[Records from a dataset]
= = = = = = =

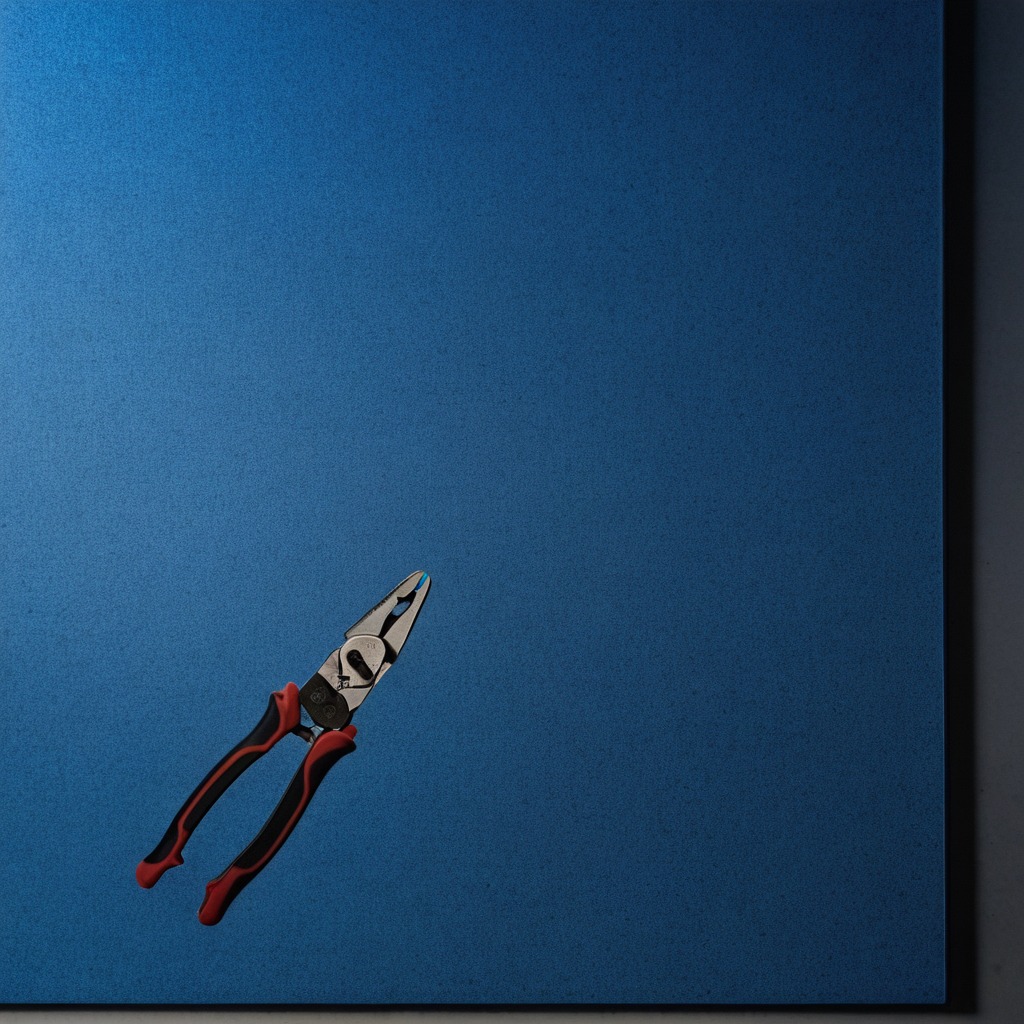
A plier lies on a blue rubber mat.
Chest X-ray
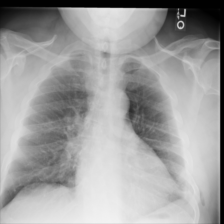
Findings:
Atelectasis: negative
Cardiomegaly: negative
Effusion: negative
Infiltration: negative
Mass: negative
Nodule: negative
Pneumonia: negative
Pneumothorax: negative
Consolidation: negative
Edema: negative
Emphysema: negative
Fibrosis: negative
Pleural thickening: negative
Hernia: negative
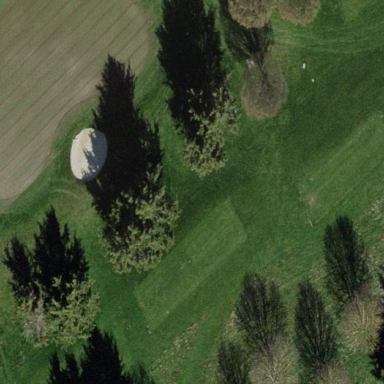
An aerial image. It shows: Grassy area designated as golf tee.
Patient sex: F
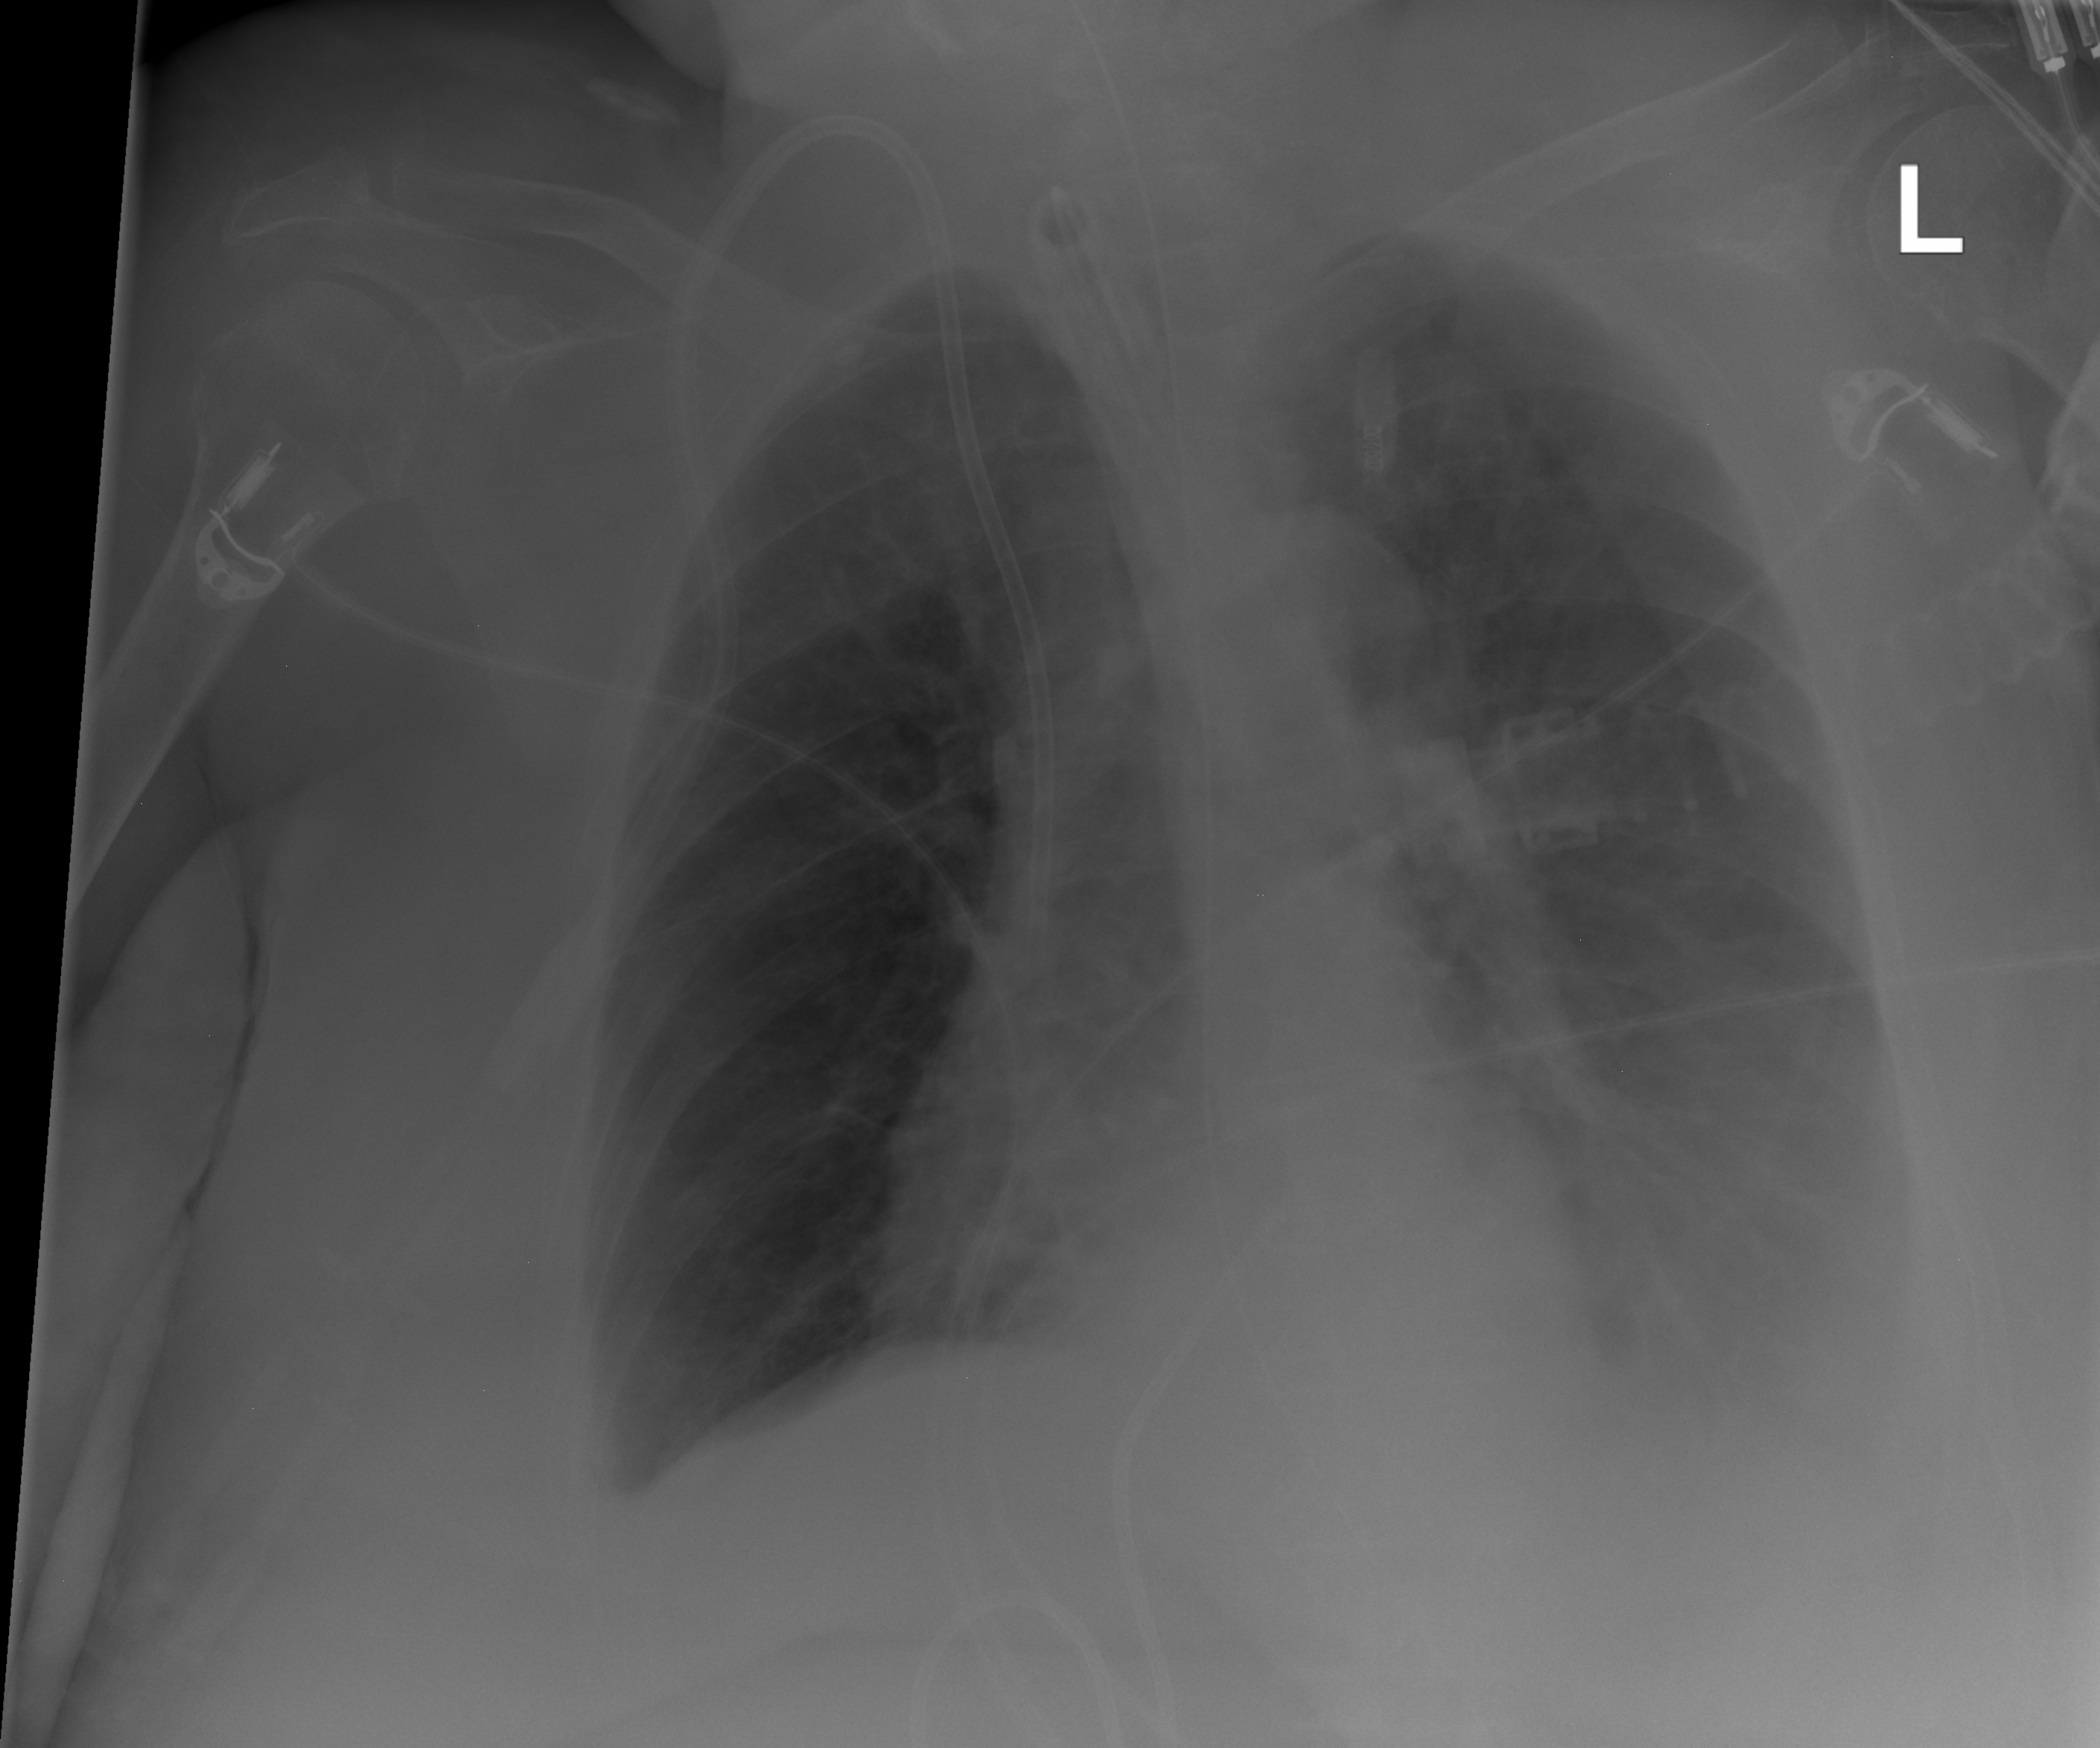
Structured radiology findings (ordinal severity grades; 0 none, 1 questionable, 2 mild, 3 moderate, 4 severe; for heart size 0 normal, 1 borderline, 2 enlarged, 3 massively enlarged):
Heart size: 0
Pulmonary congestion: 0
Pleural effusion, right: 0
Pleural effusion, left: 3
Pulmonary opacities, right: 0
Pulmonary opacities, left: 0
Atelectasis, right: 0
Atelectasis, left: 2

= = = = = = =

▶ Work request
Go line by line through the data and copy any that contain "opacities".

▶ Completed task
Pulmonary opacities, right: 0
Pulmonary opacities, left: 0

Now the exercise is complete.